On the use of generative AI in cybersecurity, Atkinson said it is vital that security leaders have a clear vision for how these tools can be used effectively to enhance their team’s capabilities before adopting them.
“We’ve got to keep in mind how the adoption of this technology will reduce the likelihood of our customers getting hacked and describe that successfully at board level,” Atkinson commented.
Generative AI Trends in 2024 and Beyond
Attackers will not be able to utilize generative AI tools to bring about a revolutionary attack vector in the foreseeable future, according to many of the experts.
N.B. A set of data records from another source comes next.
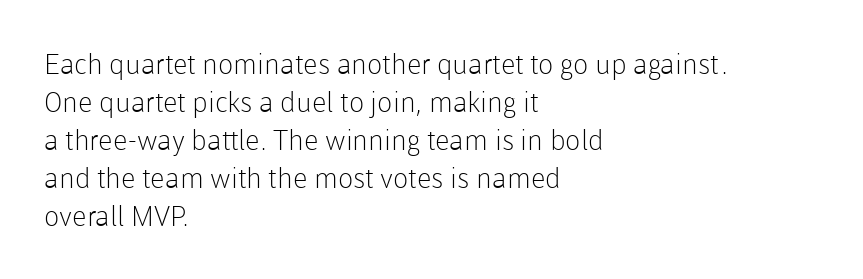
The type family on display is of the sans-serif kind. Stems here are at most as thick as an everyday book face. Which margin do the lines hug? The left one — the right edge is uneven. Looks like regular typesetting: each glyph gets only the width it needs. Reading down the column, the eye jumps a familiar distance to each next line. Observe the ordinary spacing: letters are neighbours, not strangers.
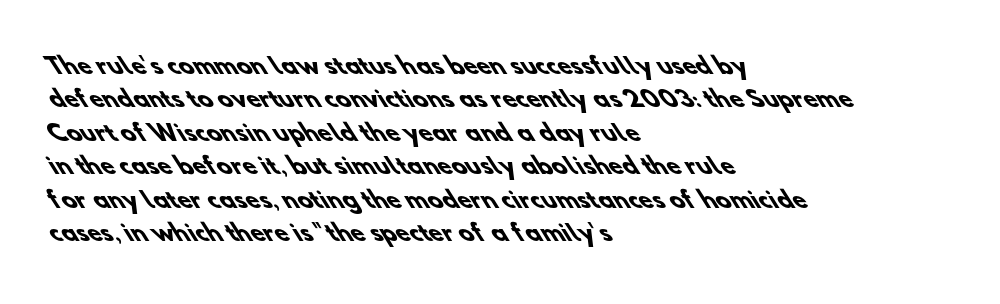
Q: Is the text bold? A: Yes.
Q: Is the text underlined? A: No.
Q: How is the paragraph aligned? A: Left-aligned.
Q: Is the spacing between letters normal or unusually wide? A: Normal.
Q: Is the spacing between lines tight, normal or loose? A: Normal.
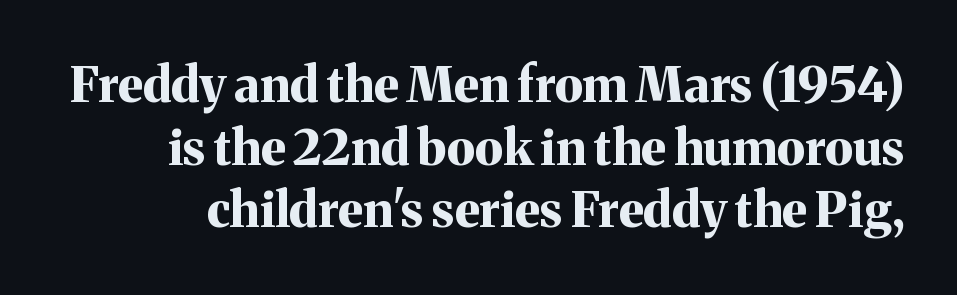
{"serif": "yes", "italic": "no", "bold": "yes", "weight": "bold", "width": "normal", "stroke_contrast": "medium", "x_height": "medium", "monospaced": "no", "underline": "no", "line_spacing": "normal", "line_spacing_ratio": 1.28, "letter_spacing": "normal", "letter_spacing_em": 0.0, "glyph_px": 49}
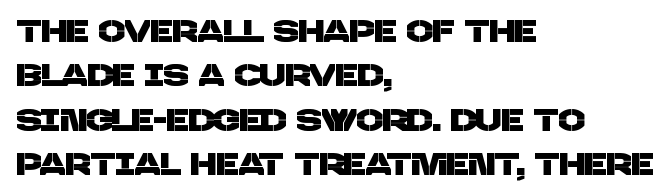
{"serif": "no", "width": "normal", "stroke_contrast": "low", "x_height": "large", "monospaced": "no", "underline": "no", "align": "left", "line_spacing": "normal", "line_spacing_ratio": 1.43, "letter_spacing": "normal", "letter_spacing_em": 0.0, "glyph_px": 31}
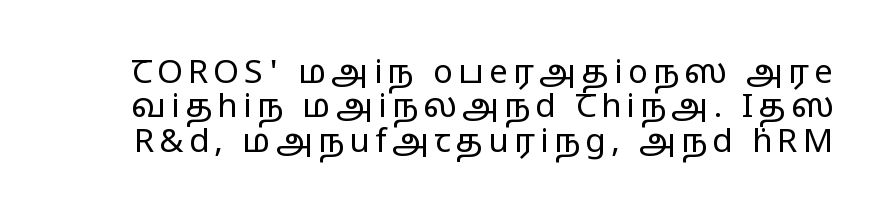
{"serif": "no", "italic": "no", "bold": "no", "weight": "regular", "width": "wide", "stroke_contrast": "low", "x_height": "medium", "monospaced": "no", "underline": "no", "line_spacing": "tight", "line_spacing_ratio": 1.04, "glyph_px": 33}
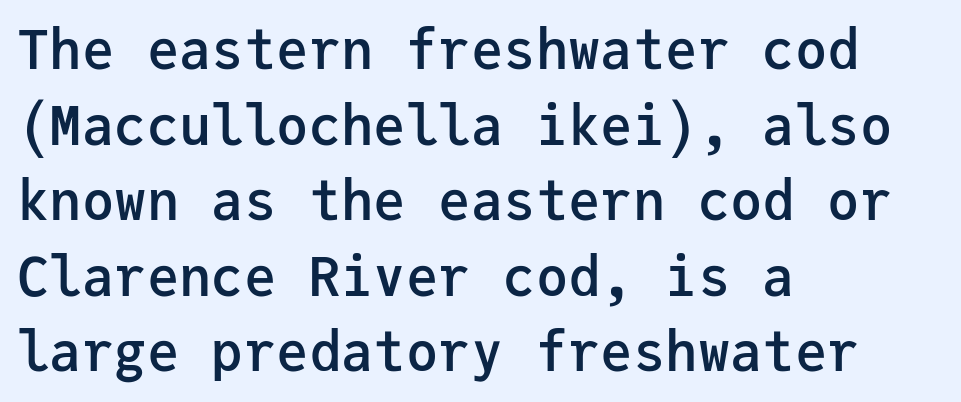
No extra tracking has been applied to these lines. The rag falls on the right side of this text block. Rendered with straight, roman letterforms. Looks like terminal output: every glyph gets an equal slot. Check the space under the baseline: it is left empty.
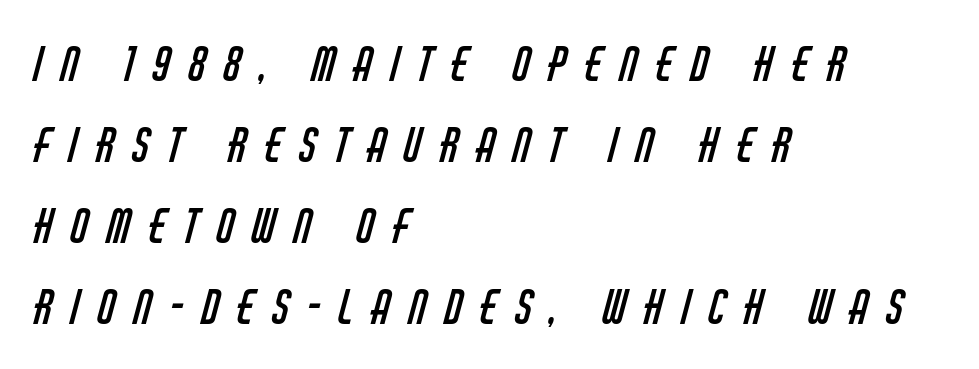
Q: Is the text bold? A: No.
Q: Is the typeface a serif or a sans-serif typeface? A: Sans-serif.
Q: Is the text underlined? A: No.
Q: How is the paragraph aligned? A: Left-aligned.
Q: Is the spacing between letters normal or unusually wide? A: Unusually wide.
Q: Width (condensed, normal, or wide)? A: Condensed.
Q: Stroke contrast? A: Low.
Q: x-height? A: Large.
Q: Monospaced? A: No.
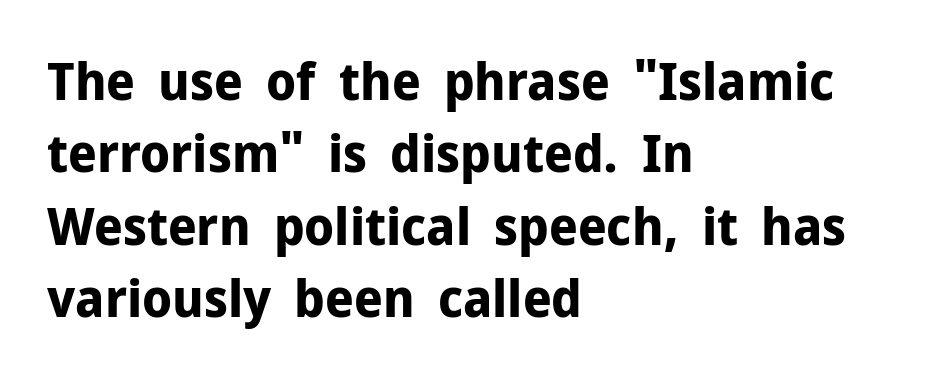
The image shows 52 px bold sans-serif type, upright; set left-aligned, normal line spacing (1.39x), normal letter spacing, not underlined; low stroke contrast and a medium x-height.
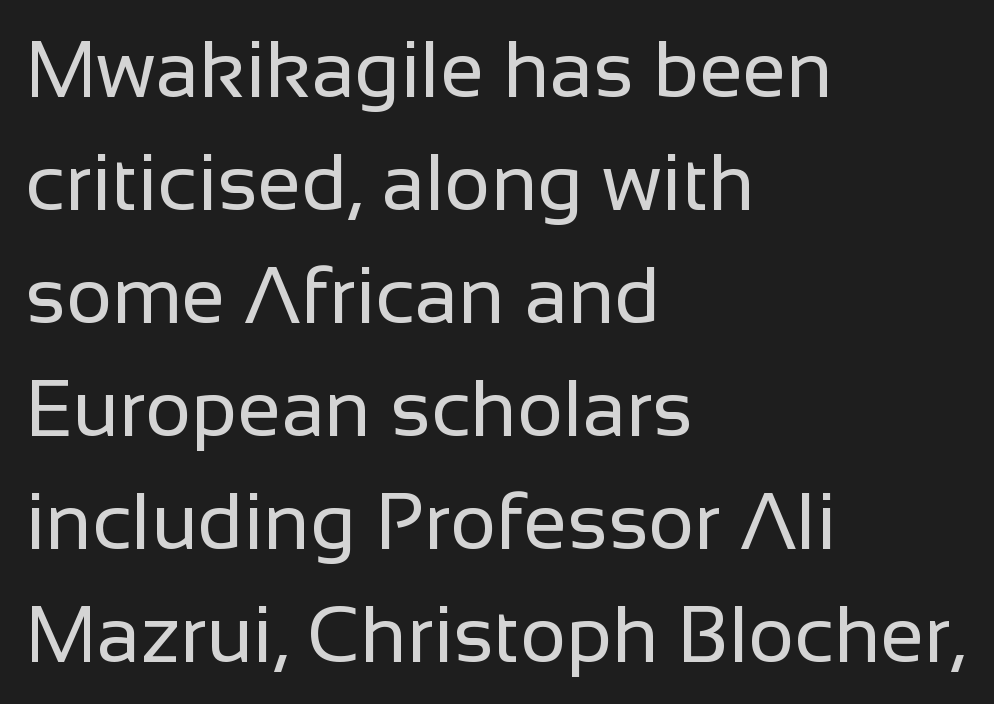
Q: Is the text bold? A: No.
Q: Is the text italic (slanted)? A: No, it is upright.
Q: Is the typeface a serif or a sans-serif typeface? A: Sans-serif.
Q: Is the text underlined? A: No.
Q: How is the paragraph aligned? A: Left-aligned.
Q: Is the spacing between letters normal or unusually wide? A: Normal.
Q: Is the spacing between lines tight, normal or loose? A: Normal.
Q: Width (condensed, normal, or wide)? A: Normal.
Q: Stroke contrast? A: Low.
Q: x-height? A: Medium.
Q: Monospaced? A: No.
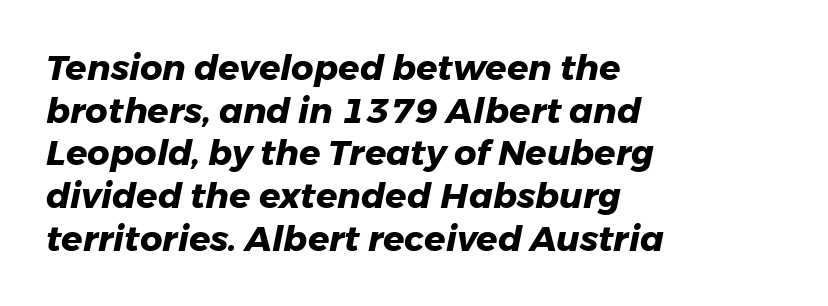
The image shows 35 px heavy type, italic (leaning right); set left-aligned, line spacing 1.22x, normal letter spacing, not underlined; low stroke contrast and a medium x-height.
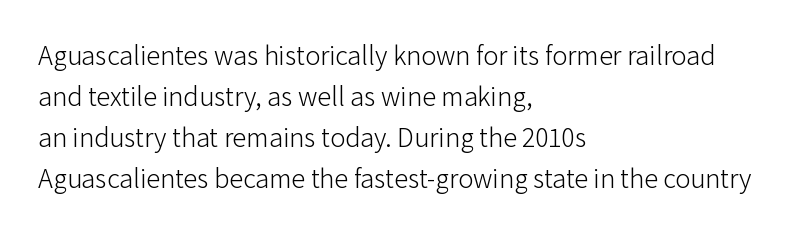
The image shows 28 px light sans-serif type, upright; set left-aligned, normal line spacing (1.46x), normal letter spacing, not underlined; low stroke contrast and a medium x-height.
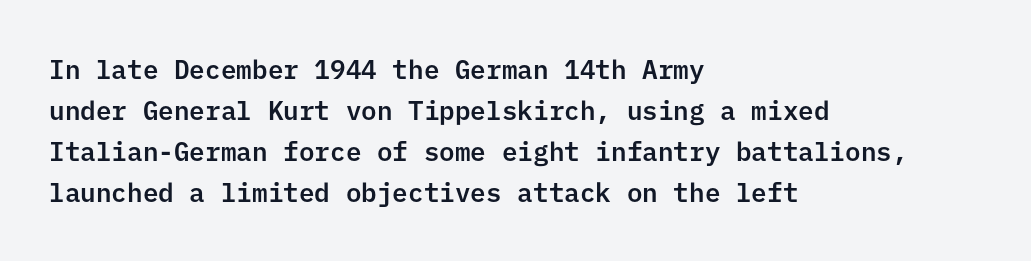
Q: Is the text italic (slanted)? A: No, it is upright.
Q: Is the text underlined? A: No.
Q: How is the paragraph aligned? A: Left-aligned.
Q: Is the spacing between letters normal or unusually wide? A: Normal.
Q: Is the spacing between lines tight, normal or loose? A: Normal.
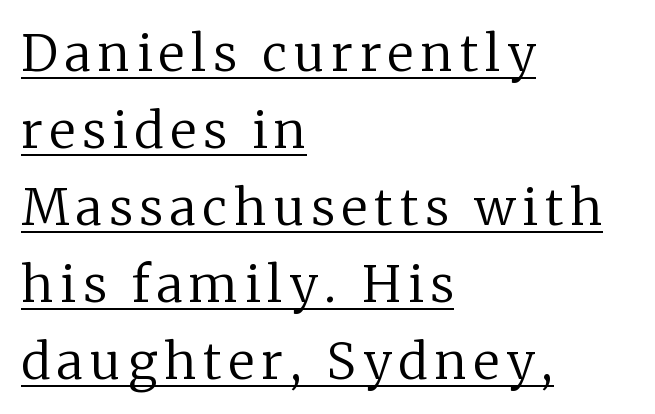
The image shows 50 px regular-weight serif type, upright; set left-aligned, normal line spacing (1.54x), underlined; low stroke contrast and a medium x-height.
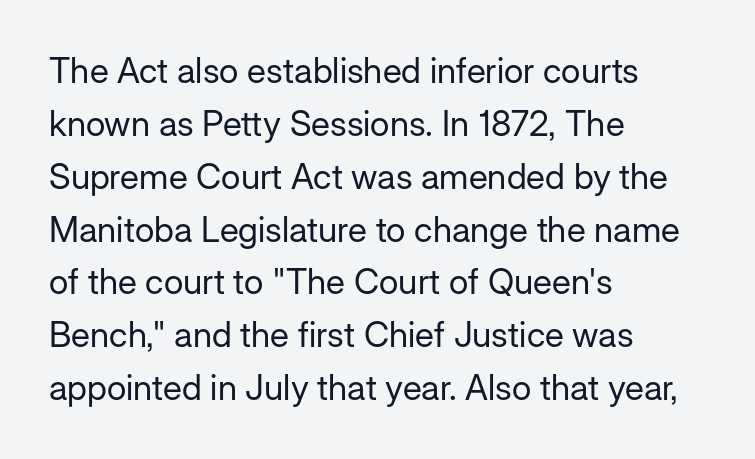
The image shows 35 px regular-weight sans-serif type, upright; set left-aligned, normal line spacing (1.51x), normal letter spacing, not underlined; low stroke contrast and a medium x-height.

However, cybercriminals will augment the speed and scale of attacks with AI over time.
Maor noted that cybercriminal groups are using ChatGPT to speed up day-to-day tasks, such as getting quick responses to queries. His biggest concern for 2024 is the continued evolution of social engineering attacks, particularly the creation of sophisticated fake social media profiles which leverage all the available information on the internet about an individual via LLMs.
“It’s going to be the criminal’s assistant for now,” said Maor.
On the defensive side, Atkinson believes generative AI’s biggest potential for the coming years is to hyper-automate investigation and response. “That’s really important because that’s going to bring the overall risk of the organization down,” he stated.
McQuiggan set out his hope that we will see more AI regulation adopted next year to facilitate the safe use of such tools.
“I’d like to see more regulation in the sense of transparency,” he said.
A key component of the regulatory approach will be the EU’s AI Act, passed into law in June 2023. New measures were introduced into the legislation in May 2023 to control “foundational models” following the release of ChatGPT. It remains to be seen whether other regions follow suit with their own versions in the coming year and beyond.